Den Faden greift Hipp auf. „Wir sind gut vernetzt mit den Schulen. Klassen kommen zu uns zu Besuch und wir klären vor Ort auf“, berichtet sie. Wichtig ist allen Beteiligten, den Menschen – alt und jung – ein niedrigschwelliges Angebot zu ermöglichen. Ein Beispiel nennt Hipp: „Die offenen Sprechstunden bei uns sind sehr hilfreich.“

Hausärzte sensibilisieren

Für Betroffene sind Fachkliniken, mit denen Nidro zusammenarbeitet, eine gute Anlaufstelle. „Diese organisieren Betreuung für Kinder und Schulunterricht, sodass die Eltern die Möglichkeit haben, in Ruhe an ihrer Sucht zu arbeiten“, führt Hipp aus. Andrea Schmitzer, die das Netzwerk Kindeswohl koordiniert, weist auf die zielgerichtete Arbeit hin. Die werde auch durch die Speyerer Tageskliniken ermöglicht. Ziel sei es nun, mehr Hausärzte mit der Thematik zu erreichen, um das Netzwerk auszuweiten und weiter zu festigen. Auch Außenstehende – Menschen innerhalb der Familie, des Freundeskreises oder in der Nachbarschaft – sollen in der Wahrnehmung von Suchterkrankungen geschärft werden.
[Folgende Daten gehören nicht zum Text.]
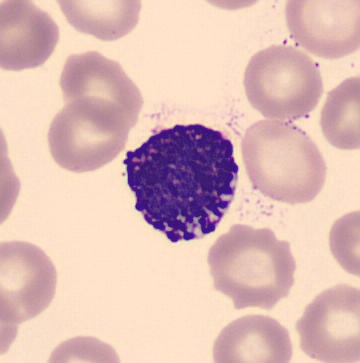
Acquisition: Peripheral blood film.
Morphology → basophilic granulocyte.
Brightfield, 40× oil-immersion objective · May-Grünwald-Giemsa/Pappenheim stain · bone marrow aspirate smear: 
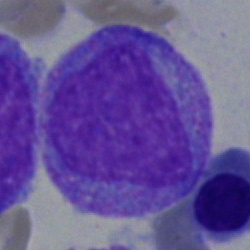
Single cell identified as a progranulocyte.
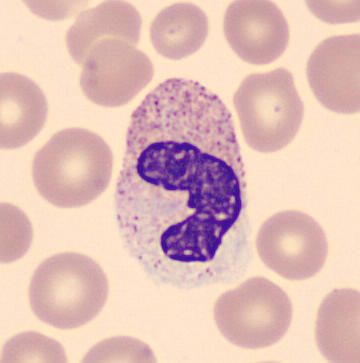Acquisition: May Grünwald-Giemsa stain. Peripheral blood film. Morphology → stab cell.
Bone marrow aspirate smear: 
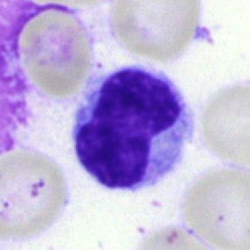 Morphology — monocyte.
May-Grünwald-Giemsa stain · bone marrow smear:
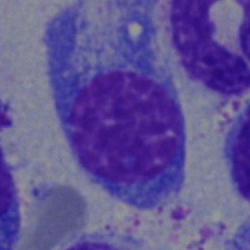

Specimen: bone marrow aspirate smear.
Cell: plasma cell.
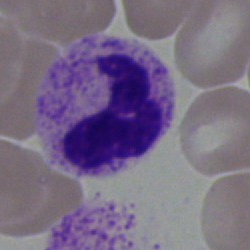
Showing a neutrophil (segmented).
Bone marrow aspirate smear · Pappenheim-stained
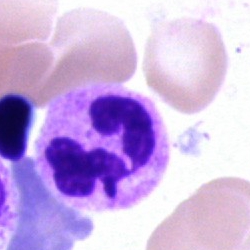
Q: What type of cell is this?
A: This is a neutrophil (segmented).
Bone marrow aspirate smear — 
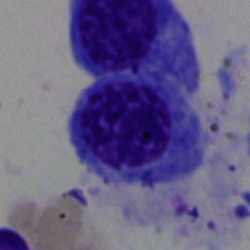

Specimen: bone marrow smear.
Morphological class: erythroblast.
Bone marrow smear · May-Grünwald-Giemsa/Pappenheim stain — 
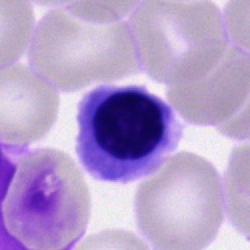Q: What type of cell is this?
A: It is a normoblast.
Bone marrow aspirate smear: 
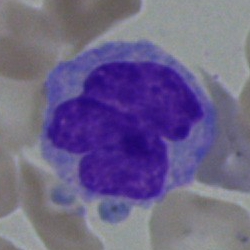Monocyte.
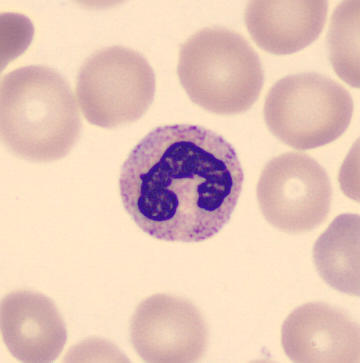 A band neutrophil. Acquisition: Peripheral blood film. MGG-stained. Imaged on a CellaVision DM96 analyser.
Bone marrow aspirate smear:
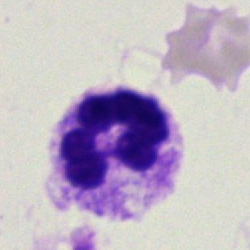

Morphology — segmented neutrophil.
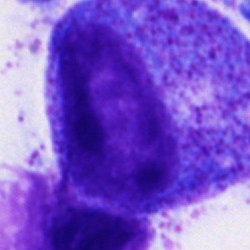
The morphological class is promyelocyte.
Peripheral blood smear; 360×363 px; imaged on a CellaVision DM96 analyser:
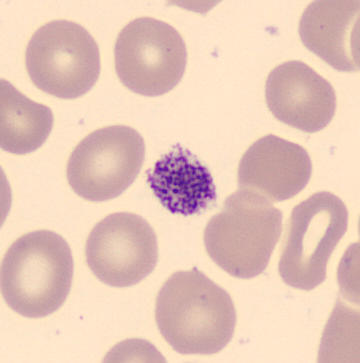 Morphology consistent with a thrombocyte.
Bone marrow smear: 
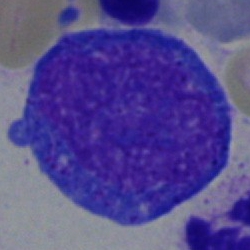This is a progranulocyte.
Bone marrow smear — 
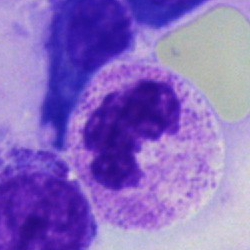 Morphology → neutrophil (segmented).
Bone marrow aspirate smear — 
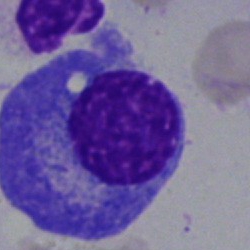 Plasmacyte.
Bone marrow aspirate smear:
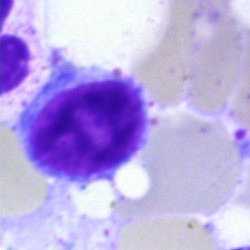

Showing a lymphocyte.
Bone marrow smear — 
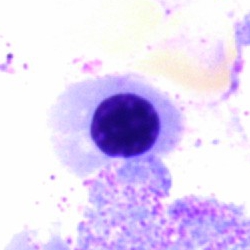Morphology consistent with a nucleated red blood cell.
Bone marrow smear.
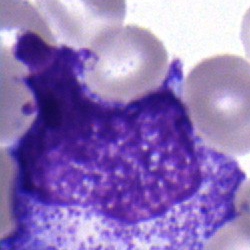Morphology — progranulocyte.
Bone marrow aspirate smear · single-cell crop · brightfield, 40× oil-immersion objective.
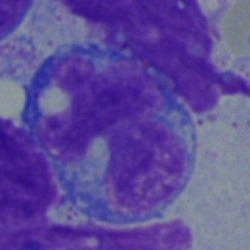

Q: Identify the cell.
A: It is a blast cell.
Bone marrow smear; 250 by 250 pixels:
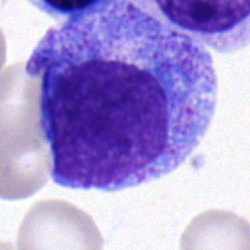
Classification — promyelocyte.
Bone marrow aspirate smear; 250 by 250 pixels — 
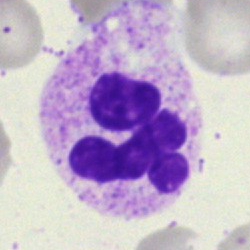

The cell shown is a neutrophil (segmented).
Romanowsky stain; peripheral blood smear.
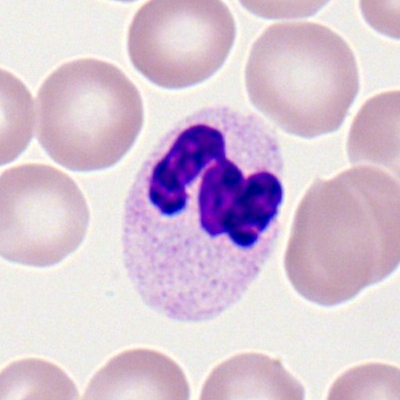

The classification is segmented neutrophil.
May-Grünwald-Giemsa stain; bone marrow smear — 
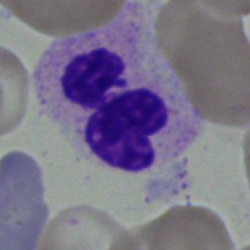The cell is segmented neutrophil.
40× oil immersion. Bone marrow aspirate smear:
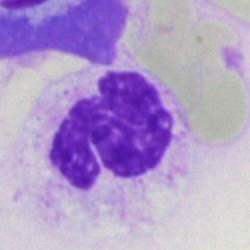
Morphology → segmented neutrophil.
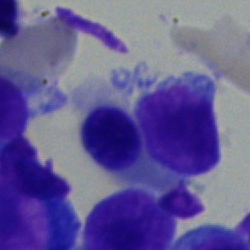

Single-cell crop from a bone marrow smear: erythroblast.
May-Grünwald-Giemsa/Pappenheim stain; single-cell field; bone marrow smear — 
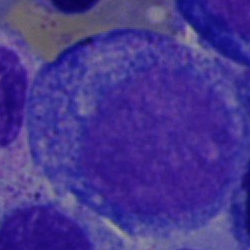 Classification — promyelocyte.
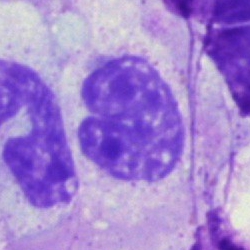
Impression → band-form neutrophil.
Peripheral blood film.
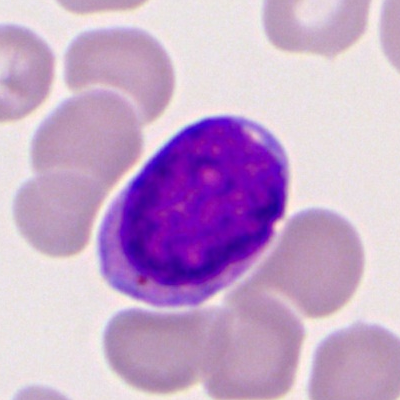
A myeloid blast.
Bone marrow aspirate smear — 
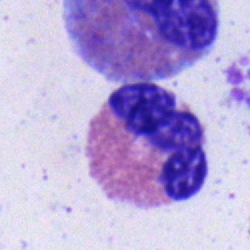 Q: Which cell type is shown here?
A: It is an eosinophilic granulocyte.
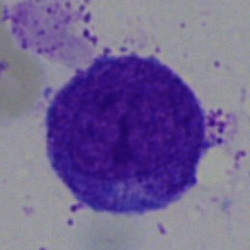 Bone marrow smear showing a progranulocyte.
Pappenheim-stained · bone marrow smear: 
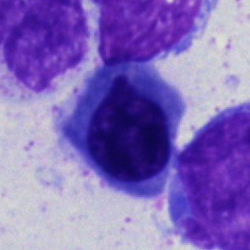
Q: Identify the cell.
A: This is a nucleated red blood cell.
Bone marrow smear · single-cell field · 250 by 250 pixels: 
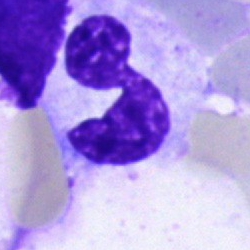

Morphology consistent with a neutrophil (segmented).
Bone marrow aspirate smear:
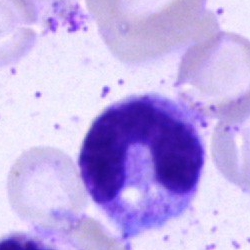

Q: What cell is this?
A: This is a stab cell.
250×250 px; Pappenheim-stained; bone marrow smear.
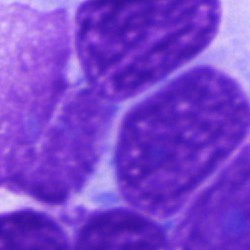

Impression — artifact.
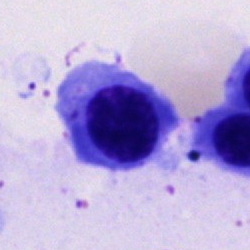
A normoblast on a bone marrow smear.
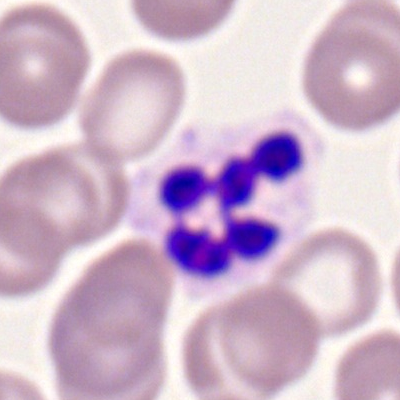

Impression → neutrophil (segmented).
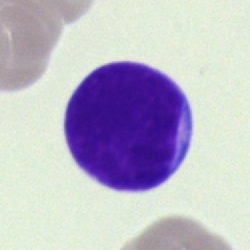

Cell of indeterminate lineage.
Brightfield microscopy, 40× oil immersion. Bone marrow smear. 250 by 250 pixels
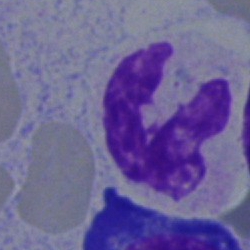Morphology — neutrophil (band).

„Wir wollen ein Stärkungsangebot für Familien bieten“, fasst Bürgermeisterin Monika Kabs (CDU) zusammen. Wie wichtig es ist, sich mit der Suchtproblematik im Elternhaus auseinanderzusetzen, hat sie selbst in ihrer Zeit als Lehrerin erlebt.

In der Aktionswoche, die vom 12. bis 18. Februar angesetzt ist, gibt es am Dienstag, 14. Februar, 14.30 bis 18 Uhr, ein Mitmachangebot für Kinder in der Stadtbibliothek Speyer. Informationen, Bücher und Medien stehen außerdem zur Verfügung. Vom 13. bis 25. Februar wird zudem ein Infostand bei K.E.K.S. (Heinrich-Heine-Straße 8) aufgebaut.